Golf News

Annika Sorenstam named member at Augusta National Golf Club

Augusta National Women's Amateur

Annika Sorenstam, winner of 10 women’s majors and 72 LPGA Tour titles, was recently fitted for a green jacket.

According to multiple sources who spoke to Golfweek on the condition of anonymity, Sorenstam, 53, officially became a member at Augusta National Golf Club earlier this month when the club opened for the current season. A spokesperson for Augusta National Golf Club declined to comment. Mike McGee, Sorenstam’s husband and manager, also declined to comment.

Augusta National has traditionally cited membership as a private matter and gone to great lengths to keep its membership list, which is believed to be in the neighborhood of 300 and includes a group of some of the wealthiest and most powerful businessmen — and since 2012 women — private.

Augusta National was founded as a men’s-only club in 1932. It began hosting the Masters in 1934. Twenty years ago, women’s activist Martha Burk, from the National Council of Women’s Organizations, demonstrated and campaigned about the lack of women members in Augusta National.

Nearly a decade passed until then-Augusta National Chairman Billy Payne welcomed former U.S. Secretary of State, Condoleezza Rice, and South Carolina financier, Darla Moore, to join the club in 2012.

Se Ri Pak, Lorena Ochoa, Nancy Lopez and Annika Sorenstam are the honorary starters at the first tee ceremony during the final round of the Augusta National Women’s Amateur. (Photo: Rob Schumacher-USA TODAY Sports)

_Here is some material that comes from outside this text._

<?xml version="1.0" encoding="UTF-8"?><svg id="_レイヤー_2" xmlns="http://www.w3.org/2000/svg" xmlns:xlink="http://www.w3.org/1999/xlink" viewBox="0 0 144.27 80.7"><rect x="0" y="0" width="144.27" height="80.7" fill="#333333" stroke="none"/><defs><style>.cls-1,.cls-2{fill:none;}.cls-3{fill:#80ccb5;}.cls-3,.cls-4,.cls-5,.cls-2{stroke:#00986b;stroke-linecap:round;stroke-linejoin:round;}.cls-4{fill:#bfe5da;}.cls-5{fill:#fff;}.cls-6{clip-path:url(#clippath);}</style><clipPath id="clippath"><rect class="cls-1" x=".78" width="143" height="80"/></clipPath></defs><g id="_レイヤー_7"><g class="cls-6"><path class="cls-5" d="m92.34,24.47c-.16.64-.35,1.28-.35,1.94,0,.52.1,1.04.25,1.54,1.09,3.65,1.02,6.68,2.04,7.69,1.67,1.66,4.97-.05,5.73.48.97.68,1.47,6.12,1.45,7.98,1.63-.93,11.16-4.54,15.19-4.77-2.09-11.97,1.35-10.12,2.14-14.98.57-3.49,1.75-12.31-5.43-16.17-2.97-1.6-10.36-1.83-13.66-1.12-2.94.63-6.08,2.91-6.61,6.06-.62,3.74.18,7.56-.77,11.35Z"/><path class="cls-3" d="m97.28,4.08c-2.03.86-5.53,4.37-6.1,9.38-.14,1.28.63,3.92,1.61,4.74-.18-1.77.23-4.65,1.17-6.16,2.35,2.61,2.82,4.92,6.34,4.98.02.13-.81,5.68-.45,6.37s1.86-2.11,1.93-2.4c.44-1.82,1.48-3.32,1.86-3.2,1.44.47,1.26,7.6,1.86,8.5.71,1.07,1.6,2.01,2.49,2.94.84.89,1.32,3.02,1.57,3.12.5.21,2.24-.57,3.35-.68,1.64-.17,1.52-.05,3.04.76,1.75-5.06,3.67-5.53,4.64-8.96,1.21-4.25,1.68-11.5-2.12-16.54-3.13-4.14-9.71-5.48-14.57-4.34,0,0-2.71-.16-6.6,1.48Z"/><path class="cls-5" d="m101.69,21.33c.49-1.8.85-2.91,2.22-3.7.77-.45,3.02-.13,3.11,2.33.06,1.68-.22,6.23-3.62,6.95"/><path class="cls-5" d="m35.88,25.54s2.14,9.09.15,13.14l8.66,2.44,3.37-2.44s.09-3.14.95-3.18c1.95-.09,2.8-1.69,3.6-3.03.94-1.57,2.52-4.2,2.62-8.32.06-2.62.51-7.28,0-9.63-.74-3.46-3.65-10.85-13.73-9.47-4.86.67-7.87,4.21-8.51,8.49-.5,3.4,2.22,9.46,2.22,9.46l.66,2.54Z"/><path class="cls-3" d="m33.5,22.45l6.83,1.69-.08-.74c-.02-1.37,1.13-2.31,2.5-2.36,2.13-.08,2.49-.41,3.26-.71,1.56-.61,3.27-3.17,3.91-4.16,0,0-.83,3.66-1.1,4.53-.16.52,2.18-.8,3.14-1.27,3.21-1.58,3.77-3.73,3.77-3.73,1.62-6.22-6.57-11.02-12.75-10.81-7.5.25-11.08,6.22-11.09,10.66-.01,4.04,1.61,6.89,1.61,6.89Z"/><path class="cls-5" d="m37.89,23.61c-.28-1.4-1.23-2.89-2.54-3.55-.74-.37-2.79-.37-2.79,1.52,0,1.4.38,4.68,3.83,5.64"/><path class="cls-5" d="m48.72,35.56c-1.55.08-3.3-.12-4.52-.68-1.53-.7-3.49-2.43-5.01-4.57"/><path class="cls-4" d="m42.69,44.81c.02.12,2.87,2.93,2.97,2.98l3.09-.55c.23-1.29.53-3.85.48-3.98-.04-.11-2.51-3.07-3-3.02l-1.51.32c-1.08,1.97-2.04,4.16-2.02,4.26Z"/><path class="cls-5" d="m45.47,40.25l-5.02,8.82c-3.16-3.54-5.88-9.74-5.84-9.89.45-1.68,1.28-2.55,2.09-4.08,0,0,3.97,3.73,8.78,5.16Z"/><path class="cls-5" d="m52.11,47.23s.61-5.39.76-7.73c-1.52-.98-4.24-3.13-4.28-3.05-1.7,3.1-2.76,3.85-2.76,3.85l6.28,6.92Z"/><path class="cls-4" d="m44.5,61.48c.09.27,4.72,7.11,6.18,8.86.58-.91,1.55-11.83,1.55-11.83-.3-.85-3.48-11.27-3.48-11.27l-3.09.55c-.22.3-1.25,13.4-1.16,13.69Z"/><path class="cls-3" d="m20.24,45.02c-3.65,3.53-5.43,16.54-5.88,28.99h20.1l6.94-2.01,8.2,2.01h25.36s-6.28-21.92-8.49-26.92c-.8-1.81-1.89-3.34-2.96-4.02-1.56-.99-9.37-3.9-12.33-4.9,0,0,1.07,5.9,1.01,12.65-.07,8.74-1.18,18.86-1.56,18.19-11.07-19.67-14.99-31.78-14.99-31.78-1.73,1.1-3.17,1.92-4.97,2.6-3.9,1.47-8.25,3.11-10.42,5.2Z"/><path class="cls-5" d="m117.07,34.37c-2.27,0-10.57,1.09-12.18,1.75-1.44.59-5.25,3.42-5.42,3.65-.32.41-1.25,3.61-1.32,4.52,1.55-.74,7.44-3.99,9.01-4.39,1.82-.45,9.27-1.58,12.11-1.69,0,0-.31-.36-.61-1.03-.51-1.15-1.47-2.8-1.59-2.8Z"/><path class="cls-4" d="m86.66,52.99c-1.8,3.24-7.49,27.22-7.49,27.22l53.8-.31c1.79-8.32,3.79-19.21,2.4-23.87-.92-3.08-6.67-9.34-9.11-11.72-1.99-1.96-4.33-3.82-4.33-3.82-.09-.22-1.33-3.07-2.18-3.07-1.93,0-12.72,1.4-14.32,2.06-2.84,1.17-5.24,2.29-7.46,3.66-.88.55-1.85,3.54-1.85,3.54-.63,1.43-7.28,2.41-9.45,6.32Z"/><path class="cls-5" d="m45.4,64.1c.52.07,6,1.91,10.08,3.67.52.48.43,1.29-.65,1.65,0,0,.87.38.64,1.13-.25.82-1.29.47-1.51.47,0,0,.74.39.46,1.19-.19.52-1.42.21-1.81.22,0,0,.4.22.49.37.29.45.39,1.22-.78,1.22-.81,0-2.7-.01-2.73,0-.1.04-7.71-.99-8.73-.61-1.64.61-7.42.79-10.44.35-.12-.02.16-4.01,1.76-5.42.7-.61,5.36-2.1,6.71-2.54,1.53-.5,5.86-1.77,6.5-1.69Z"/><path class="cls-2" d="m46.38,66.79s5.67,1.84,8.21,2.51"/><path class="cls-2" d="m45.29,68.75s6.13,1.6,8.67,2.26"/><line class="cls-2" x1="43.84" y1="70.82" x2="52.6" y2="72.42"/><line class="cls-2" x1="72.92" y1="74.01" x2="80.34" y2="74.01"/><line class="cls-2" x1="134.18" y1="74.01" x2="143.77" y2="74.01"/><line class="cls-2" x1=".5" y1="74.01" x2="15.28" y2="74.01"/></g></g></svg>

Other confirmed female members at Augusta National Golf Club in Georgia include Heidi Ueberroth, co-chairman of Pebble Beach Co., former USGA president Diana Murphy, former IBM CEO Ginni Rometty and Ana Botin, executive chairman of the Santander Group. Sorenstam is the first LPGA pro to become a member at one of golf’s most prestigious clubs in the country, where membership remains one of the most sought after affirmations of success.

A decade after the first female members were admitted, Fred Ridley, the current club chairman, reflected on that decision during his pre-tournament press conference at the Masters. “I don’t know about you, but when anything happens or any idea that you had turns out well and you’re pleased about it, initiative, whatever, you might always say, well, why didn’t we do that sooner?  And that’s a fair, that’s a fair thought. And so I wish – I wish we had have,” he said.

He added: “Women members are a very important part of our membership, and you will continue to see…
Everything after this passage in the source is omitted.